→ **EXERCISE DIRECTIONS**: Make the copy match the entries below exactly, with no pictures carried over.

→ **DATASET RECORDS**:
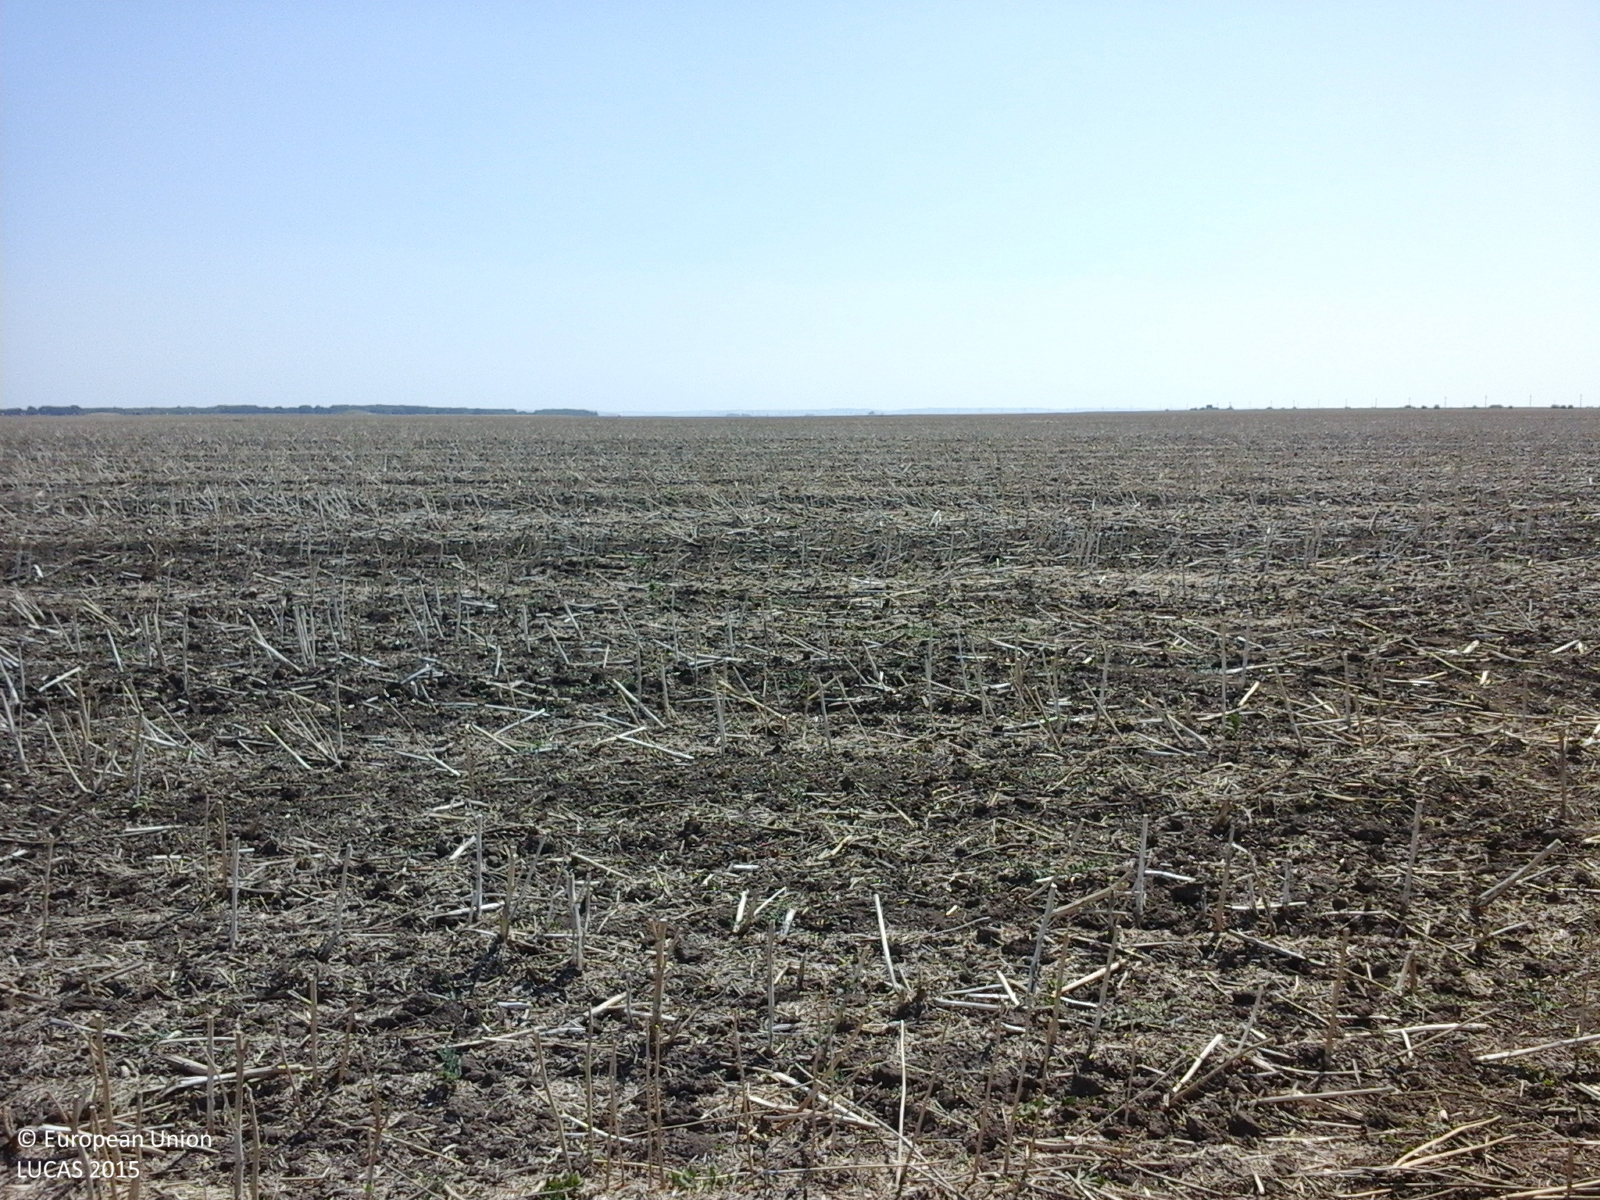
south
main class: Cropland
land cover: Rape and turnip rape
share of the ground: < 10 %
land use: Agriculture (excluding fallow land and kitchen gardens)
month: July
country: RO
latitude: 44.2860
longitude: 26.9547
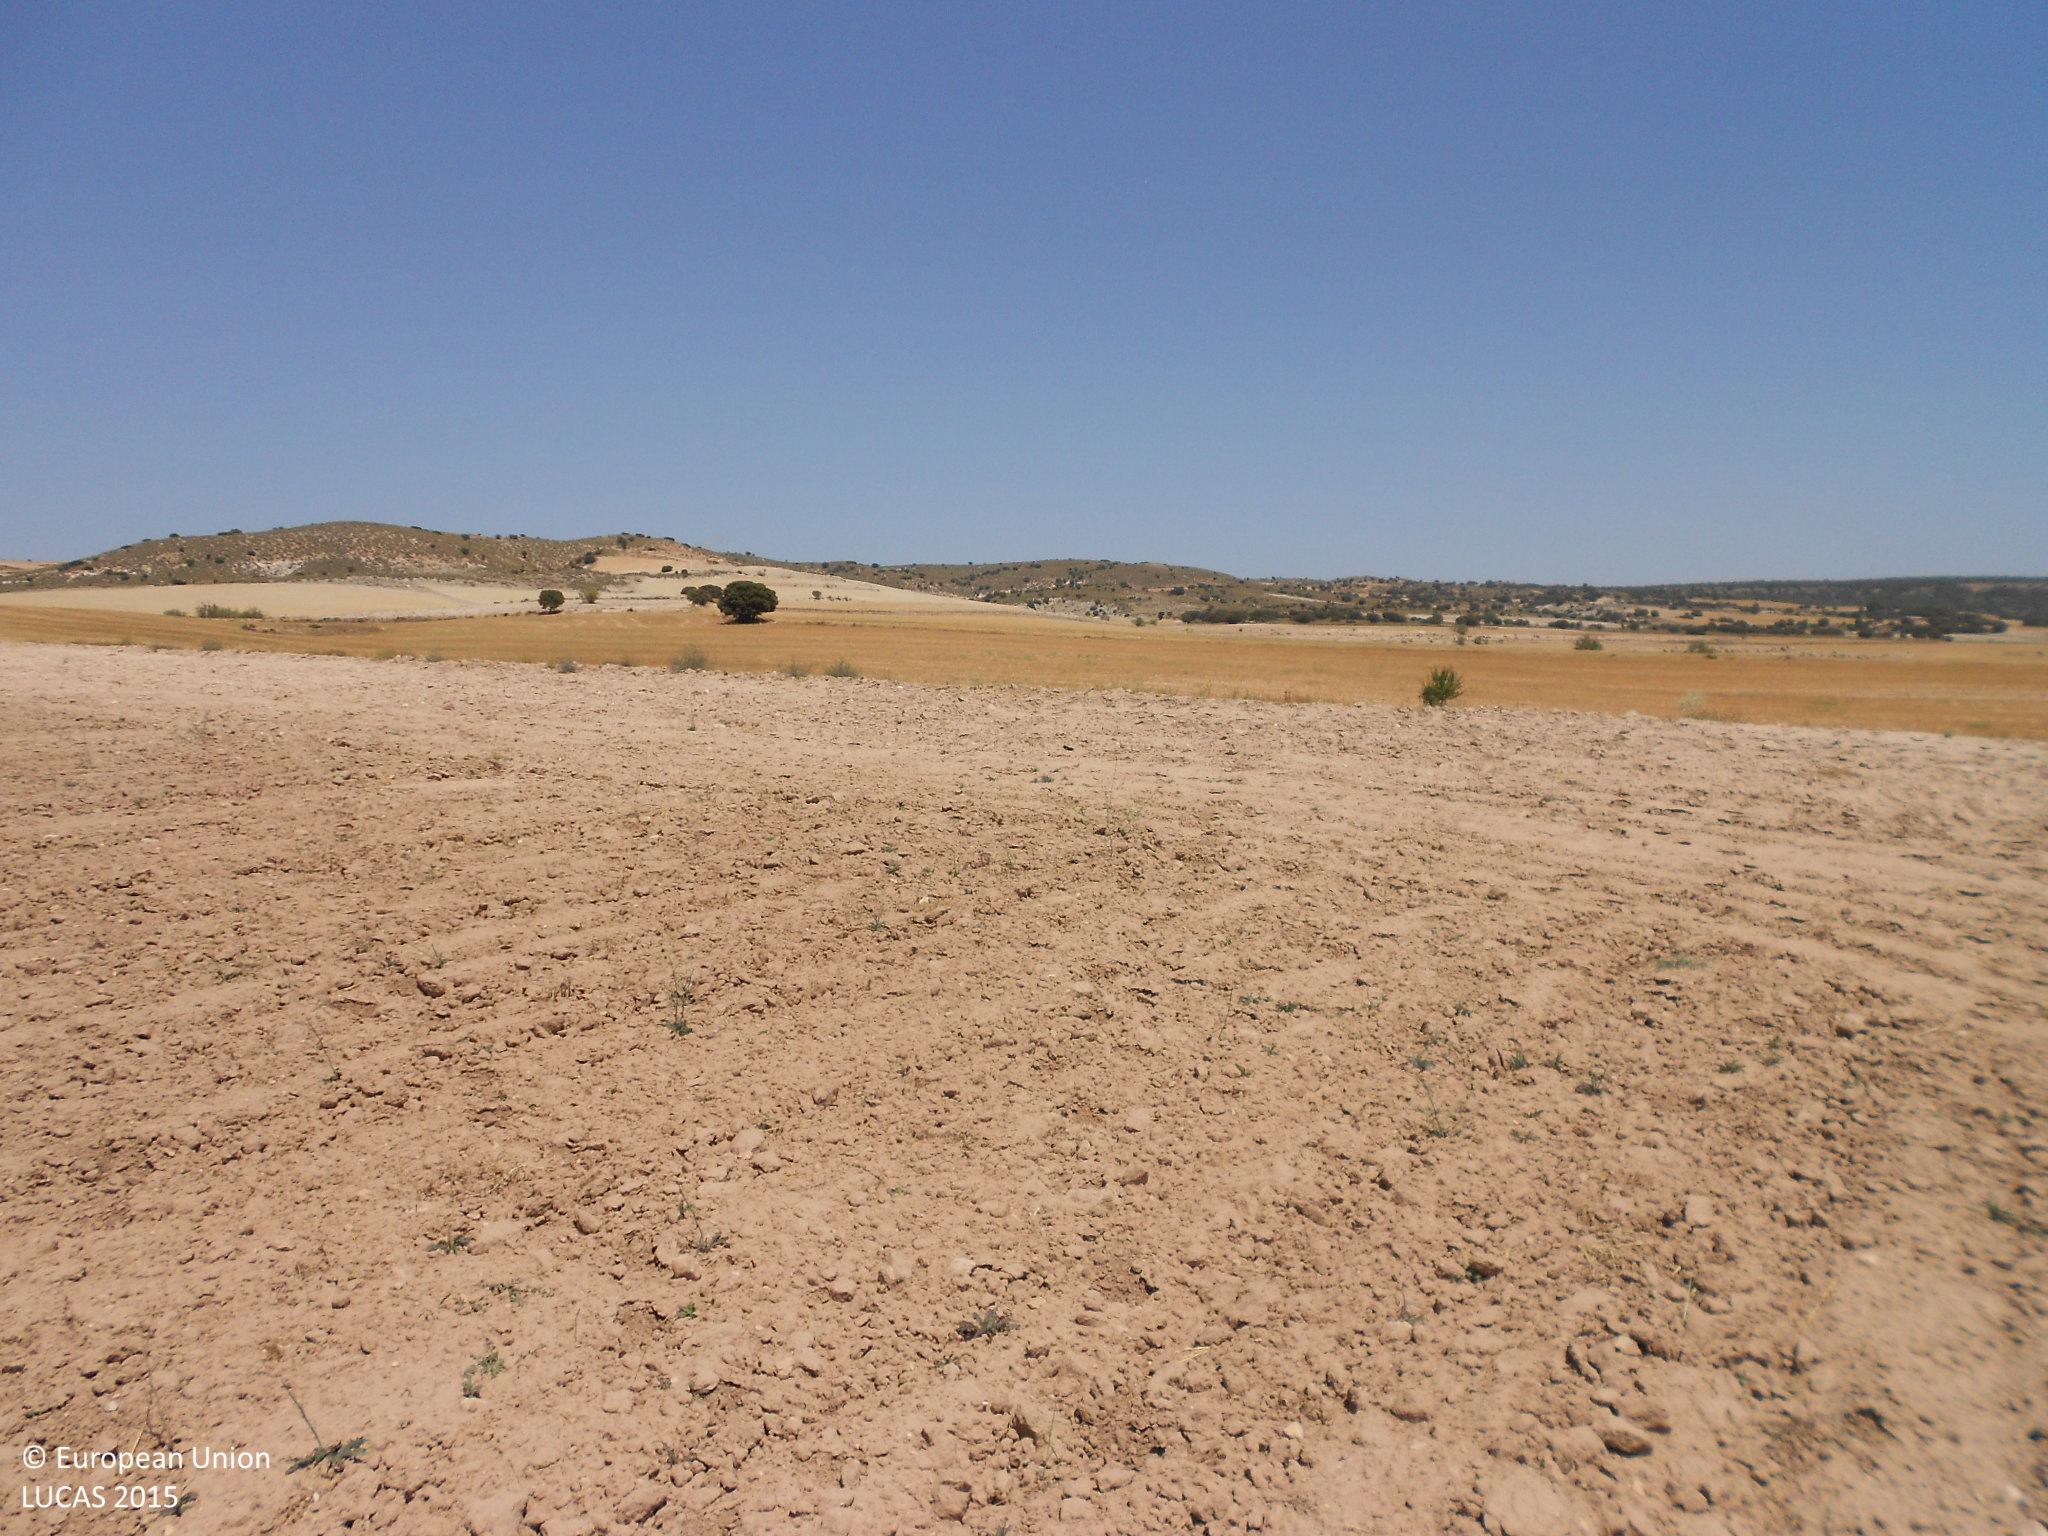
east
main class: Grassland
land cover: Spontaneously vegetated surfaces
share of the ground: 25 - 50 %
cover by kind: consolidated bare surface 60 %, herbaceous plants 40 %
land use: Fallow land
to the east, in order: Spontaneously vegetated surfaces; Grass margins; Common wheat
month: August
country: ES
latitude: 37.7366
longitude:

→ **EXERCISE SOLUTION**:
south
main class: Cropland
land cover: Rape and turnip rape
share of the ground: < 10 %
land use: Agriculture (excluding fallow land and kitchen gardens)
month: July
country: RO
latitude: 44.2860
longitude: 26.9547
east
main class: Grassland
land cover: Spontaneously vegetated surfaces
share of the ground: 25 - 50 %
cover by kind: consolidated bare surface 60 %, herbaceous plants 40 %
land use: Fallow land
to the east, in order: Spontaneously vegetated surfaces; Grass margins; Common wheat
month: August
country: ES
latitude: 37.7366
longitude:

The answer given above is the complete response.